A forma extrema da mentira é conhecida como pseudologia fantástica, uma tendência a mentir compulsivamente, explica Héctor González. Neste perfil se encaixa Alicia Esteve Head, apelido de Tania Head, que se tornou a vítima perfeita do 11-S. “Todos nós nos apaixonamos por ela. Era cativante, elegante e sofisticada, e sorria gentilmente”, disse o jornalista Angelo Guglielmo, em 2012. Esteve garantiu ser uma das sobreviventes do ataque às Torres Gêmeas, onde dizia ter trabalhado como executiva do banco de investimento Merrill Lynch.
Ela contou, emocionada, que perdeu seu noivo, Dave, que estava na outra torre. Na verdade, quando os aviões atingiram o World Trade Center, Esteve, que, como filha de uma britânica falava perfeitamente inglês, estava em Barcelona, onde morava no bairro de Sarrià. No entanto, conseguiu fazer com que todos acreditassem na sua história durante anos, inclusive Guglielmo (coautor do livro e documentário La mujer que no estuvo allí, sobre as andanças da espanhola). Ela assumiu uma associação de vítimas que cofundou e foi fotografada com várias autoridades da cidade, como o prefeito Michael Bloomberg e o ex-prefeito Rudolph Giuliani, a quem acompanhou em uma visita guiada ao marco zero.
“Os mentirosos compulsivos procuram o reconhecimento social, a admiração e vão construindo a mentira”, explica Héctor González. “Dizem que têm trabalhos interessantes, que conhecem pessoas interessantes e, acima de tudo, criam um personagem que assimilam como próprio: a melhor estratégia do engano é o autoengano”. A vida inventada de Esteve custou o seu emprego em Barcelona. Agora, ninguém sabe onde ela está. Martínez Selva a considera uma fabuladora nata: “Mentia na escola, no instituto, na escola de negócios e acredito que, onde estiver agora, estará mentindo”.

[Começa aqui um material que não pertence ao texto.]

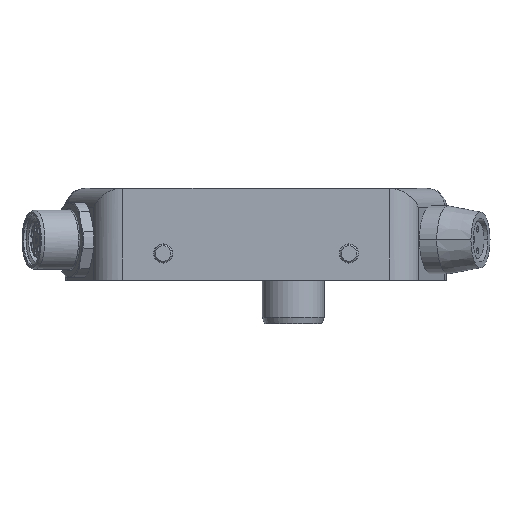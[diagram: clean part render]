
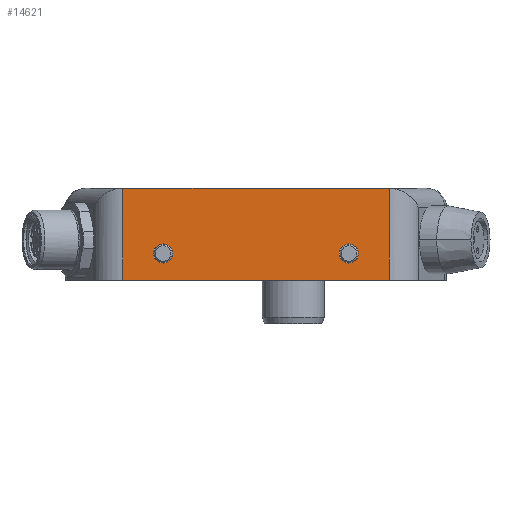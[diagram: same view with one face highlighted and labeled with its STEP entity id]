
A CAD part, front view. The second image highlights one B-rep face of the part: STEP entity #14621.
In plain terms, the highlighted planar face has unit normal (0, -1, 0).
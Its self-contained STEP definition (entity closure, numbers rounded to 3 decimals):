
#924 = LINE ( 'NONE', #7949, #5294 ) ;
#1054 = DIRECTION ( 'NONE',  ( 0., 0., 1. ) ) ;
#1073 = CIRCLE ( 'NONE', #5506, 1.55 ) ;
#1286 = DIRECTION ( 'NONE',  ( 0., 1., 0. ) ) ;
#1374 = ORIENTED_EDGE ( 'NONE', *, *, #19544, .T. ) ;
#1573 = EDGE_CURVE ( 'NONE', #4880, #13576, #924, .T. ) ;
#1951 = AXIS2_PLACEMENT_3D ( 'NONE', #10036, #1286, #6701 ) ;
#2087 = ORIENTED_EDGE ( 'NONE', *, *, #7276, .T. ) ;
#2116 = DIRECTION ( 'NONE',  ( 0., 1., 0. ) ) ;
#2956 = EDGE_LOOP ( 'NONE', ( #1374, #11237 ) ) ;
#3317 = DIRECTION ( 'NONE',  ( 0., 0., 1. ) ) ;
#3507 = EDGE_CURVE ( 'NONE', #4795, #8833, #14639, .T. ) ;
#3937 = VERTEX_POINT ( 'NONE', #5053 ) ;
#4795 = VERTEX_POINT ( 'NONE', #17397 ) ;
#4880 = VERTEX_POINT ( 'NONE', #9321 ) ;
#5046 = PLANE ( 'NONE',  #12860 ) ;
#5053 = CARTESIAN_POINT ( 'NONE',  ( 15., 32., 5.85 ) ) ;
#5112 = DIRECTION ( 'NONE',  ( 0., 1., 0. ) ) ;
#5290 = VERTEX_POINT ( 'NONE', #21099 ) ;
#5294 = VECTOR ( 'NONE', #15200, 1000. ) ;
#5436 = VECTOR ( 'NONE', #13044, 1000. ) ;
#5506 = AXIS2_PLACEMENT_3D ( 'NONE', #20869, #5112, #11087 ) ;
#6186 = ORIENTED_EDGE ( 'NONE', *, *, #16540, .T. ) ;
#6243 = CARTESIAN_POINT ( 'NONE',  ( -15., 32., 4.3 ) ) ;
#6701 = DIRECTION ( 'NONE',  ( 0., 0., 1. ) ) ;
#7276 = EDGE_CURVE ( 'NONE', #3937, #11903, #9980, .T. ) ;
#7424 = AXIS2_PLACEMENT_3D ( 'NONE', #21359, #2116, #10990 ) ;
#7730 = EDGE_LOOP ( 'NONE', ( #11784, #6186, #13540, #19405 ) ) ;
#7949 = CARTESIAN_POINT ( 'NONE',  ( -25., 32., 14.8 ) ) ;
#8077 = DIRECTION ( 'NONE',  ( 0., 1., 0. ) ) ;
#8208 = EDGE_CURVE ( 'NONE', #4880, #4795, #18054, .T. ) ;
#8833 = VERTEX_POINT ( 'NONE', #13870 ) ;
#8941 = CIRCLE ( 'NONE', #1951, 1.55 ) ;
#9321 = CARTESIAN_POINT ( 'NONE',  ( -21.499, 32., 14.8 ) ) ;
#9341 = CARTESIAN_POINT ( 'NONE',  ( -25., 32., 0. ) ) ;
#9980 = CIRCLE ( 'NONE', #7424, 1.55 ) ;
#10036 = CARTESIAN_POINT ( 'NONE',  ( 15., 32., 4.3 ) ) ;
#10567 = FACE_BOUND ( 'NONE', #12042, .T. ) ;
#10685 = ORIENTED_EDGE ( 'NONE', *, *, #10772, .T. ) ;
#10766 = VECTOR ( 'NONE', #18409, 1000. ) ;
#10772 = EDGE_CURVE ( 'NONE', #11903, #3937, #8941, .T. ) ;
#10990 = DIRECTION ( 'NONE',  ( 0., 0., 1. ) ) ;
#11082 = VECTOR ( 'NONE', #19772, 1000. ) ;
#11087 = DIRECTION ( 'NONE',  ( 0., 0., 1. ) ) ;
#11237 = ORIENTED_EDGE ( 'NONE', *, *, #14509, .T. ) ;
#11784 = ORIENTED_EDGE ( 'NONE', *, *, #3507, .T. ) ;
#11903 = VERTEX_POINT ( 'NONE', #22228 ) ;
#12042 = EDGE_LOOP ( 'NONE', ( #2087, #10685 ) ) ;
#12433 = CARTESIAN_POINT ( 'NONE',  ( -15., 32., 2.75 ) ) ;
#12770 = CARTESIAN_POINT ( 'NONE',  ( 21.499, 32., 14.8 ) ) ;
#12860 = AXIS2_PLACEMENT_3D ( 'NONE', #22768, #17583, #3317 ) ;
#13044 = DIRECTION ( 'NONE',  ( 1., 0., 0. ) ) ;
#13112 = LINE ( 'NONE', #12770, #11082 ) ;
#13540 = ORIENTED_EDGE ( 'NONE', *, *, #1573, .F. ) ;
#13576 = VERTEX_POINT ( 'NONE', #20983 ) ;
#13870 = CARTESIAN_POINT ( 'NONE',  ( 21.499, 32., 0. ) ) ;
#14509 = EDGE_CURVE ( 'NONE', #22750, #5290, #1073, .T. ) ;
#14621 = ADVANCED_FACE ( 'NONE', ( #10567, #21040, #15861 ), #5046, .F. ) ;
#14639 = LINE ( 'NONE', #9341, #5436 ) ;
#15200 = DIRECTION ( 'NONE',  ( 1., 0., 0. ) ) ;
#15861 = FACE_OUTER_BOUND ( 'NONE', #7730, .T. ) ;
#16293 = CIRCLE ( 'NONE', #22175, 1.55 ) ;
#16540 = EDGE_CURVE ( 'NONE', #8833, #13576, #13112, .T. ) ;
#17397 = CARTESIAN_POINT ( 'NONE',  ( -21.499, 32., 0. ) ) ;
#17583 = DIRECTION ( 'NONE',  ( 0., 1., 0. ) ) ;
#18054 = LINE ( 'NONE', #21965, #10766 ) ;
#18409 = DIRECTION ( 'NONE',  ( 0., 0., -1. ) ) ;
#19405 = ORIENTED_EDGE ( 'NONE', *, *, #8208, .T. ) ;
#19544 = EDGE_CURVE ( 'NONE', #5290, #22750, #16293, .T. ) ;
#19772 = DIRECTION ( 'NONE',  ( 0., 0., 1. ) ) ;
#20869 = CARTESIAN_POINT ( 'NONE',  ( -15., 32., 4.3 ) ) ;
#20983 = CARTESIAN_POINT ( 'NONE',  ( 21.499, 32., 14.8 ) ) ;
#21040 = FACE_BOUND ( 'NONE', #2956, .T. ) ;
#21099 = CARTESIAN_POINT ( 'NONE',  ( -15., 32., 5.85 ) ) ;
#21359 = CARTESIAN_POINT ( 'NONE',  ( 15., 32., 4.3 ) ) ;
#21965 = CARTESIAN_POINT ( 'NONE',  ( -21.499, 32., 14.8 ) ) ;
#22175 = AXIS2_PLACEMENT_3D ( 'NONE', #6243, #8077, #1054 ) ;
#22228 = CARTESIAN_POINT ( 'NONE',  ( 15., 32., 2.75 ) ) ;
#22750 = VERTEX_POINT ( 'NONE', #12433 ) ;
#22768 = CARTESIAN_POINT ( 'NONE',  ( -25., 32., 14.8 ) ) ;

Psicopatas, trapaceiros e vigaristas
Jean-Claude Romand. No caso deste francês, que se fez passar por médico da Organização Mundial da Saúde durante anos, a mentira acabou em tragédia. Viveu uma vida dupla durante anos e, quando estavam a ponto de desmascará-lo, matou a sua família em 1993. A sua história inspirou Emmanuel Carrère a escrever L'Adversaire (O adversário, em tradução livre).

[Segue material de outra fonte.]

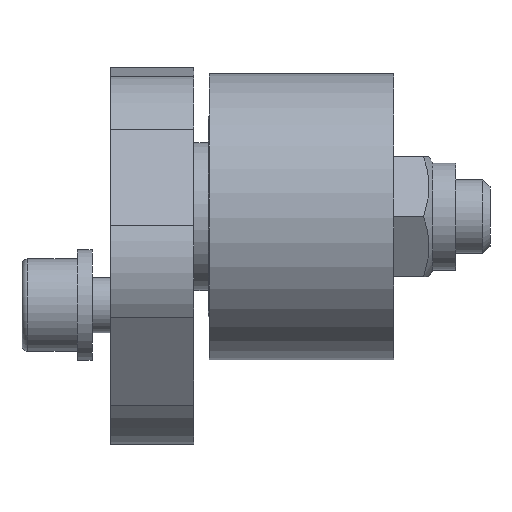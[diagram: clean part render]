
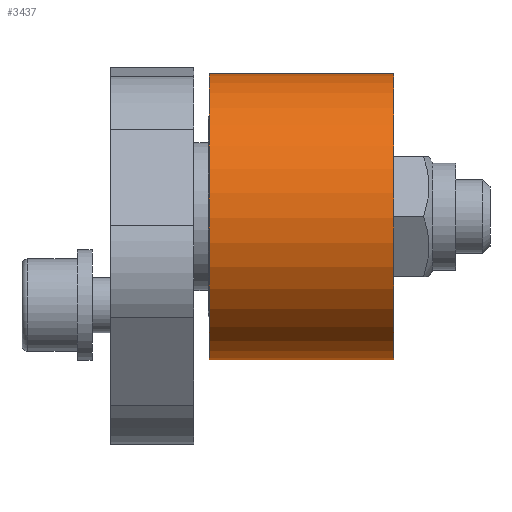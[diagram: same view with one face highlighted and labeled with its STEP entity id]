
A CAD part, front view. The second image highlights one B-rep face of the part: STEP entity #3437.
In plain terms, the highlighted cylindrical face has radius 15.5 mm (diameter 31 mm), a full revolution.
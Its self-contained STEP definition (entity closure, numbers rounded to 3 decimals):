
#661=LINE('',#6363,#880);
#880=VECTOR('',#5143,15.5);
#941=CYLINDRICAL_SURFACE('',#4096,15.5);
#1138=FACE_OUTER_BOUND('',#1377,.T.);
#1377=EDGE_LOOP('',(#3229,#3230,#3231,#3232));
#1574=CIRCLE('',#4097,15.5);
#1575=CIRCLE('',#4098,15.5);
#1873=VERTEX_POINT('',#6360);
#1874=VERTEX_POINT('',#6362);
#2326=EDGE_CURVE('',#1873,#1873,#1574,.T.);
#2327=EDGE_CURVE('',#1873,#1874,#661,.T.);
#2328=EDGE_CURVE('',#1874,#1874,#1575,.T.);
#3229=ORIENTED_EDGE('',*,*,#2326,.F.);
#3230=ORIENTED_EDGE('',*,*,#2327,.T.);
#3231=ORIENTED_EDGE('',*,*,#2328,.T.);
#3232=ORIENTED_EDGE('',*,*,#2327,.F.);
#3437=ADVANCED_FACE('',(#1138),#941,.T.);
#4096=AXIS2_PLACEMENT_3D('',#6359,#5139,#5140);
#4097=AXIS2_PLACEMENT_3D('',#6361,#5141,#5142);
#4098=AXIS2_PLACEMENT_3D('',#6364,#5144,#5145);
#5139=DIRECTION('center_axis',(0.,0.,1.));
#5140=DIRECTION('ref_axis',(1.,0.,0.));
#5141=DIRECTION('center_axis',(0.,0.,1.));
#5142=DIRECTION('ref_axis',(1.,0.,0.));
#5143=DIRECTION('',(0.,0.,-1.));
#5144=DIRECTION('center_axis',(0.,0.,1.));
#5145=DIRECTION('ref_axis',(1.,0.,0.));
#6359=CARTESIAN_POINT('Origin',(0.,0.,0.));
#6360=CARTESIAN_POINT('',(-15.5,0.,20.));
#6361=CARTESIAN_POINT('Origin',(0.,0.,20.));
#6362=CARTESIAN_POINT('',(-15.5,0.,0.));
#6363=CARTESIAN_POINT('',(-15.5,0.,0.));
#6364=CARTESIAN_POINT('Origin',(0.,0.,0.));

Frank Abagnale. Encarnou várias personalidades (médico, advogado e piloto) nos anos sessenta e passou cheques falsos. Sua vida foi contata por Spielberg no filme Prenda-me se for capaz.

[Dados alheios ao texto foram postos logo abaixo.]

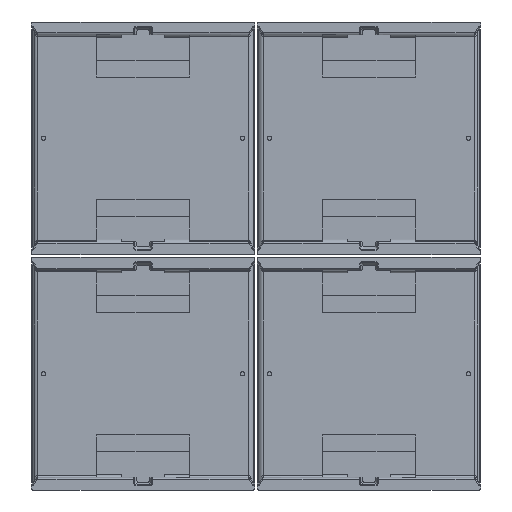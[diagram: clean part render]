
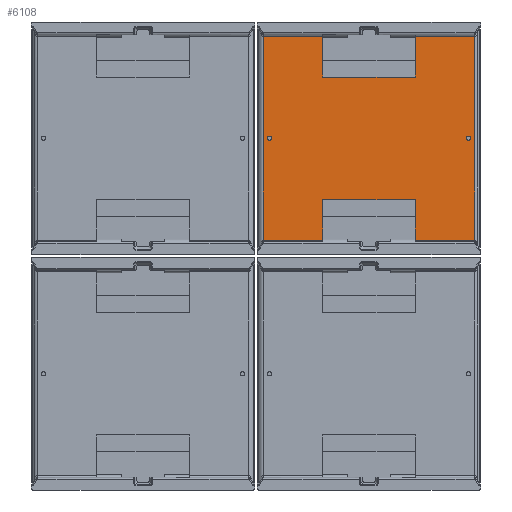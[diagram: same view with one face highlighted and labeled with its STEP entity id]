
A CAD part, front view. The second image highlights one B-rep face of the part: STEP entity #6108.
In plain terms, the highlighted planar face has unit normal (0, -1, 0).
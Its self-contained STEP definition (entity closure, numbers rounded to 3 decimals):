
#711=CARTESIAN_POINT('',(-12.543,2.4,-12.079));
#791=DIRECTION('',(1.,0.,0.));
#792=VECTOR('',#791,7.019);
#793=CARTESIAN_POINT('',(-12.519,2.4,12.078));
#794=LINE('39527',#793,#792);
#798=DIRECTION('',(1.,0.,0.));
#799=VECTOR('',#798,11.);
#800=CARTESIAN_POINT('',(-5.5,2.4,7.275));
#801=LINE('25316',#800,#799);
#805=DIRECTION('',(1.,0.,0.));
#806=VECTOR('',#805,7.019);
#807=CARTESIAN_POINT('',(5.5,2.4,12.078));
#808=LINE('39581',#807,#806);
#812=CARTESIAN_POINT('',(12.519,2.4,12.078));
#813=CARTESIAN_POINT('',(12.522,2.4,12.078));
#814=CARTESIAN_POINT('',(12.527,2.4,12.079));
#815=CARTESIAN_POINT('',(12.535,2.4,12.079));
#816=CARTESIAN_POINT('',(12.54,2.4,12.079));
#817=CARTESIAN_POINT('',(12.543,2.4,12.079));
#822=DIRECTION('',(0.,0.,1.));
#823=VECTOR('',#822,24.159);
#824=CARTESIAN_POINT('',(12.543,2.4,-12.079));
#825=LINE('39614',#824,#823);
#829=CARTESIAN_POINT('',(12.543,2.4,-12.079));
#830=CARTESIAN_POINT('',(12.54,2.4,-12.079));
#831=CARTESIAN_POINT('',(12.535,2.4,-12.079));
#832=CARTESIAN_POINT('',(12.527,2.4,-12.079));
#833=CARTESIAN_POINT('',(12.522,2.4,-12.078));
#834=CARTESIAN_POINT('',(12.519,2.4,-12.078));
#839=DIRECTION('',(-1.,0.,0.));
#840=VECTOR('',#839,7.019);
#841=CARTESIAN_POINT('',(12.519,2.4,-12.078));
#842=LINE('39557',#841,#840);
#846=DIRECTION('',(-1.,0.,0.));
#847=VECTOR('',#846,11.);
#848=CARTESIAN_POINT('',(5.5,2.4,-7.275));
#849=LINE('25319',#848,#847);
#853=DIRECTION('',(-1.,0.,0.));
#854=VECTOR('',#853,7.019);
#855=CARTESIAN_POINT('',(-5.5,2.4,-12.078));
#856=LINE('39551',#855,#854);
#860=CARTESIAN_POINT('',(-12.519,2.4,-12.078));
#861=CARTESIAN_POINT('',(-12.522,2.4,-12.078));
#862=CARTESIAN_POINT('',(-12.527,2.4,-12.079));
#863=CARTESIAN_POINT('',(-12.535,2.4,-12.079));
#864=CARTESIAN_POINT('',(-12.54,2.4,-12.079));
#865=CARTESIAN_POINT('',(-12.543,2.4,-12.079));
#870=DIRECTION('',(0.,0.,-1.));
#871=VECTOR('',#870,24.159);
#872=CARTESIAN_POINT('',(-12.543,2.4,12.079));
#873=LINE('39613',#872,#871);
#877=CARTESIAN_POINT('',(-12.543,2.4,12.079));
#878=CARTESIAN_POINT('',(-12.54,2.4,12.079));
#879=CARTESIAN_POINT('',(-12.535,2.4,12.079));
#880=CARTESIAN_POINT('',(-12.527,2.4,12.079));
#881=CARTESIAN_POINT('',(-12.522,2.4,12.078));
#882=CARTESIAN_POINT('',(-12.519,2.4,12.078));
#887=CARTESIAN_POINT('',(-11.8,2.4,0.));
#888=DIRECTION('',(0.,-1.,0.));
#889=DIRECTION('',(1.,0.,0.));
#890=AXIS2_PLACEMENT_3D('',#887,#888,#889);
#895=CARTESIAN_POINT('',(-11.8,2.4,0.));
#896=DIRECTION('',(0.,-1.,0.));
#897=DIRECTION('',(-1.,0.,0.));
#898=AXIS2_PLACEMENT_3D('',#895,#896,#897);
#903=CARTESIAN_POINT('',(11.8,2.4,0.));
#904=DIRECTION('',(0.,-1.,0.));
#905=DIRECTION('',(1.,0.,0.));
#906=AXIS2_PLACEMENT_3D('',#903,#904,#905);
#911=CARTESIAN_POINT('',(11.8,2.4,0.));
#912=DIRECTION('',(0.,-1.,0.));
#913=DIRECTION('',(-1.,0.,0.));
#914=AXIS2_PLACEMENT_3D('',#911,#912,#913);
#1850=CARTESIAN_POINT('',(12.543,2.4,12.079));
#3156=DIRECTION('',(0.,0.,-1.));
#3157=VECTOR('',#3156,4.803);
#3158=CARTESIAN_POINT('',(5.5,2.4,12.078));
#3159=LINE('39592',#3158,#3157);
#3177=DIRECTION('',(0.,0.,1.));
#3178=VECTOR('',#3177,4.803);
#3179=CARTESIAN_POINT('',(-5.5,2.4,7.275));
#3180=LINE('39591',#3179,#3178);
#3275=DIRECTION('',(0.,0.,1.));
#3276=VECTOR('',#3275,4.803);
#3277=CARTESIAN_POINT('',(-5.5,2.4,-12.078));
#3278=LINE('39594',#3277,#3276);
#3296=DIRECTION('',(0.,0.,-1.));
#3297=VECTOR('',#3296,4.803);
#3298=CARTESIAN_POINT('',(5.5,2.4,-7.275));
#3299=LINE('39593',#3298,#3297);
#5433=CARTESIAN_POINT('',(-5.5,2.4,7.275));
#5434=CARTESIAN_POINT('',(5.5,2.4,7.275));
#5435=VERTEX_POINT('',#5433);
#5436=VERTEX_POINT('',#5434);
#5437=CARTESIAN_POINT('',(5.5,2.4,-7.275));
#5438=CARTESIAN_POINT('',(-5.5,2.4,-7.275));
#5439=VERTEX_POINT('',#5437);
#5440=VERTEX_POINT('',#5438);
#5605=CARTESIAN_POINT('',(-12.519,2.4,12.078));
#5606=CARTESIAN_POINT('',(-5.5,2.4,12.078));
#5607=VERTEX_POINT('',#5605);
#5608=VERTEX_POINT('',#5606);
#5613=VERTEX_POINT('',#877);
#5636=VERTEX_POINT('',#711);
#5638=VERTEX_POINT('',#860);
#5642=CARTESIAN_POINT('',(-5.5,2.4,-12.078));
#5643=VERTEX_POINT('',#5642);
#5647=CARTESIAN_POINT('',(12.519,2.4,-12.078));
#5648=CARTESIAN_POINT('',(5.5,2.4,-12.078));
#5649=VERTEX_POINT('',#5647);
#5650=VERTEX_POINT('',#5648);
#5655=VERTEX_POINT('',#829);
#5678=VERTEX_POINT('',#1850);
#5680=VERTEX_POINT('',#812);
#5684=CARTESIAN_POINT('',(5.5,2.4,12.078));
#5685=VERTEX_POINT('',#5684);
#5697=CARTESIAN_POINT('',(-11.55,2.4,0.));
#5698=CARTESIAN_POINT('',(-12.05,2.4,0.));
#5699=VERTEX_POINT('',#5697);
#5700=VERTEX_POINT('',#5698);
#5701=CARTESIAN_POINT('',(12.05,2.4,0.));
#5702=CARTESIAN_POINT('',(11.55,2.4,0.));
#5703=VERTEX_POINT('',#5701);
#5704=VERTEX_POINT('',#5702);
#6059=CARTESIAN_POINT('',(13.4,2.4,-13.96));
#6060=DIRECTION('',(0.,1.,0.));
#6061=DIRECTION('',(0.,0.,1.));
#6062=AXIS2_PLACEMENT_3D('',#6059,#6060,#6061);
#6063=PLANE('1970',#6062);
#6065=ORIENTED_EDGE('39527',*,*,#6064,.T.);
#6067=ORIENTED_EDGE('39591',*,*,#6066,.F.);
#6069=ORIENTED_EDGE('25316',*,*,#6068,.T.);
#6071=ORIENTED_EDGE('39592',*,*,#6070,.F.);
#6073=ORIENTED_EDGE('39581',*,*,#6072,.T.);
#6075=ORIENTED_EDGE('39578',*,*,#6074,.T.);
#6077=ORIENTED_EDGE('39614',*,*,#6076,.F.);
#6079=ORIENTED_EDGE('39559',*,*,#6078,.T.);
#6081=ORIENTED_EDGE('39557',*,*,#6080,.T.);
#6083=ORIENTED_EDGE('39593',*,*,#6082,.F.);
#6085=ORIENTED_EDGE('25319',*,*,#6084,.T.);
#6087=ORIENTED_EDGE('39594',*,*,#6086,.F.);
#6089=ORIENTED_EDGE('39551',*,*,#6088,.T.);
#6091=ORIENTED_EDGE('39548',*,*,#6090,.T.);
#6092=ORIENTED_EDGE('39613',*,*,#5936,.F.);
#6093=ORIENTED_EDGE('39529',*,*,#6050,.T.);
#6094=EDGE_LOOP('1970',(#6065,#6067,#6069,#6071,#6073,#6075,#6077,#6079,#6081,
#6083,#6085,#6087,#6089,#6091,#6092,#6093));
#6095=FACE_OUTER_BOUND('1970',#6094,.F.);
#6097=ORIENTED_EDGE('39703',*,*,#6096,.T.);
#6099=ORIENTED_EDGE('39704',*,*,#6098,.T.);
#6100=EDGE_LOOP('1970',(#6097,#6099));
#6101=FACE_BOUND('1970',#6100,.F.);
#6103=ORIENTED_EDGE('39705',*,*,#6102,.T.);
#6105=ORIENTED_EDGE('39706',*,*,#6104,.T.);
#6106=EDGE_LOOP('1970',(#6103,#6105));
#6107=FACE_BOUND('1970',#6106,.F.);
#6108=ADVANCED_FACE('1970',(#6095,#6101,#6107),#6063,.F.);
#818=B_SPLINE_CURVE_WITH_KNOTS('39578',3,(#812,#813,#814,#815,#816,#817),
.UNSPECIFIED.,.F.,.F.,(4,1,1,4),(0.,0.333,0.667,1.),
.UNSPECIFIED.);
#835=B_SPLINE_CURVE_WITH_KNOTS('39559',3,(#829,#830,#831,#832,#833,#834),
.UNSPECIFIED.,.F.,.F.,(4,1,1,4),(0.,0.333,0.667,1.),
.UNSPECIFIED.);
#866=B_SPLINE_CURVE_WITH_KNOTS('39548',3,(#860,#861,#862,#863,#864,#865),
.UNSPECIFIED.,.F.,.F.,(4,1,1,4),(0.,0.333,0.667,1.),
.UNSPECIFIED.);
#883=B_SPLINE_CURVE_WITH_KNOTS('39529',3,(#877,#878,#879,#880,#881,#882),
.UNSPECIFIED.,.F.,.F.,(4,1,1,4),(0.,0.333,0.667,1.),
.UNSPECIFIED.);
#891=CIRCLE('39703',#890,0.25);
#899=CIRCLE('39704',#898,0.25);
#907=CIRCLE('39705',#906,0.25);
#915=CIRCLE('39706',#914,0.25);
#5936=EDGE_CURVE('39613',#5613,#5636,#873,.T.);
#6050=EDGE_CURVE('39529',#5613,#5607,#883,.T.);
#6064=EDGE_CURVE('39527',#5607,#5608,#794,.T.);
#6066=EDGE_CURVE('39591',#5435,#5608,#3180,.T.);
#6068=EDGE_CURVE('25316',#5435,#5436,#801,.T.);
#6070=EDGE_CURVE('39592',#5685,#5436,#3159,.T.);
#6072=EDGE_CURVE('39581',#5685,#5680,#808,.T.);
#6074=EDGE_CURVE('39578',#5680,#5678,#818,.T.);
#6076=EDGE_CURVE('39614',#5655,#5678,#825,.T.);
#6078=EDGE_CURVE('39559',#5655,#5649,#835,.T.);
#6080=EDGE_CURVE('39557',#5649,#5650,#842,.T.);
#6082=EDGE_CURVE('39593',#5439,#5650,#3299,.T.);
#6084=EDGE_CURVE('25319',#5439,#5440,#849,.T.);
#6086=EDGE_CURVE('39594',#5643,#5440,#3278,.T.);
#6088=EDGE_CURVE('39551',#5643,#5638,#856,.T.);
#6090=EDGE_CURVE('39548',#5638,#5636,#866,.T.);
#6096=EDGE_CURVE('39703',#5699,#5700,#891,.T.);
#6098=EDGE_CURVE('39704',#5700,#5699,#899,.T.);
#6102=EDGE_CURVE('39705',#5703,#5704,#907,.T.);
#6104=EDGE_CURVE('39706',#5704,#5703,#915,.T.);

Stephen Glass e Tommasso Debenedetti. Esses jornalistas não inventaram as suas vidas, mas a dos outros. Escreveram com uma só fonte: a sua imaginação. Debenedetti publicou entrevistas com Philip Roth, Gore Vidal, Toni Morrison... todas falsas. Glass foi descoberto em 1998 depois de publicar uma reportagem com um suposto hacker de 15 anos que foi resultado de uma invenção.